The invention relates to a pressure control valve whose valve seat member (5) is fastened inside the valve housing (8) by means of a centering element (7) which guides the valve tappet (6).

Description

The invention relates to a pressure control valve, particularly for controlling the hydraulic pressure in a motor vehicle transmission, according to the preamble of Claim 1.
DE 197 44 696 A1 already disclosed such a pressure control valve for regulating the hydraulic pressure in a motor vehicle transmission, where the valve tappet is guided at a distance from the valve closing element in sections in the valve housing.

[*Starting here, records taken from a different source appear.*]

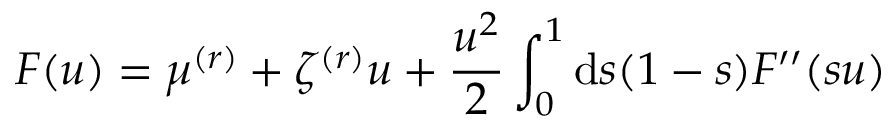
F ( u ) = \mu ^ { ( r ) } + \zeta ^ { ( r ) } u + \frac { u ^ { 2 } } { 2 } \int _ { 0 } ^ { 1 } \mathrm { d } s ( 1 - s ) F ^ { \prime \prime } ( s u )
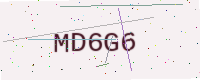
Text: MD6G6
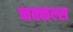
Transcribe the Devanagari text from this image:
नक्कल्स
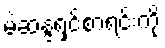
မဲဆန္ဒရှင်စာရင်းကို
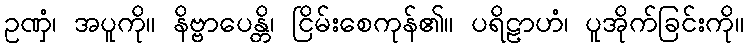
ဥဏှံ၊ အပူကို။ နိဗ္ဗာပေန္တိ၊ ငြိမ်းစေကုန်၏။ ပရိဠာဟံ၊ ပူအိုက်ခြင်းကို။
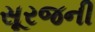
સૂરજની
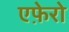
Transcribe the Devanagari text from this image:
एफ़ेरो
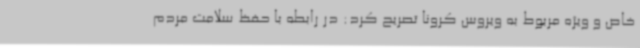
خاص و ویژه مربوط به ویروس کرونا تصریح کرد: در رابطه با حفظ سلامت مردم
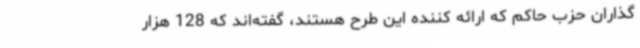
گذاران حزب حاکم که ارائه کننده این طرح هستند، گفته‌اند که 128 هزار
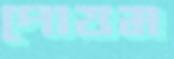
পোত্তম
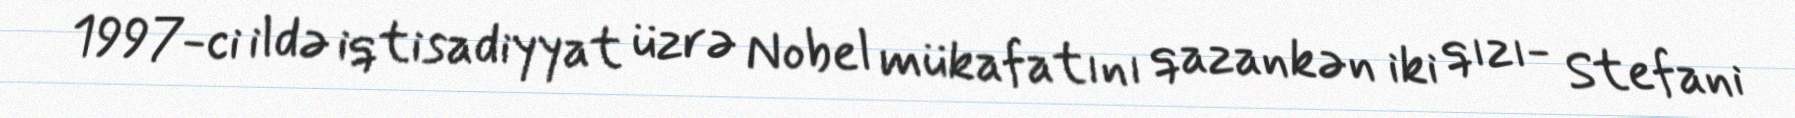
1997-ci ildə iqtisadiyyat üzrə Nobel mükafatını qazankən iki qızı- Stefani
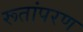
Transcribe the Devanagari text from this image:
रूतांपरण
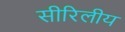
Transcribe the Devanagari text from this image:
सीरिलीय
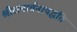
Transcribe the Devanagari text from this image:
श्रीरामार्चनापद्धति
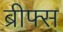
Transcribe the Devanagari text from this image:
ब्रीफ्स
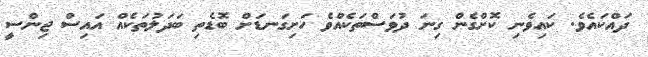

The pressure control valve is designed as a 3/2-way valve, so that, in addition to the valve closing element arranged in the flow path between the inlet and outlet ducts, via an additional valve closing element which acts as a throttling step at the valve tappet, an additional adjustable flow path to a leakage duct is formed, which leakage duct is closed by the throttling step, as soon as the ball-shaped valve closing element is lifted by the valve tappet from the valve seat.
The problem of the invention is to modify a pressure control valve of the indicated type in such a manner that, while simultaneously improving the functioning, an appropriate reduction of the manufacturing expenditure is reached using as simple as possible building means,
According to the invention, the posed problem is solved for a pressure control valve of the type mentioned in the introduction by the characterizing portions of Claim 1.
The measures indicated in the secondary claims provide advantageous embodiments of the invention, which are presented and explained in greater detail below in connection with the additional characteristics of advantages of the invention with reference to several drawings according to FIGS. 1 and 2.

In the drawing:

FIG. 1 shows a first advantageous embodiment of the invention represented on a pressure control valve, whose inlet duct, in the ground position of the ball-shaped valve closing element, is separated from the outlet and leakage duct,

FIG. 2 shows a second advantageous embodiment of the invention represented on a pressure control valve, whose inlet duct, in the ground position of the ball-shaped valve closing element, is connected, on the one hand, to the outlet duct, and, on the other hand, it is separated from the leakage duct,

FIG. 3 shows a variant of individual characteristics of the pressure control valve according to FIG. 1, and

FIG. 4 shows a variant of individual characteristics of the pressure control valve according to FIG. 2.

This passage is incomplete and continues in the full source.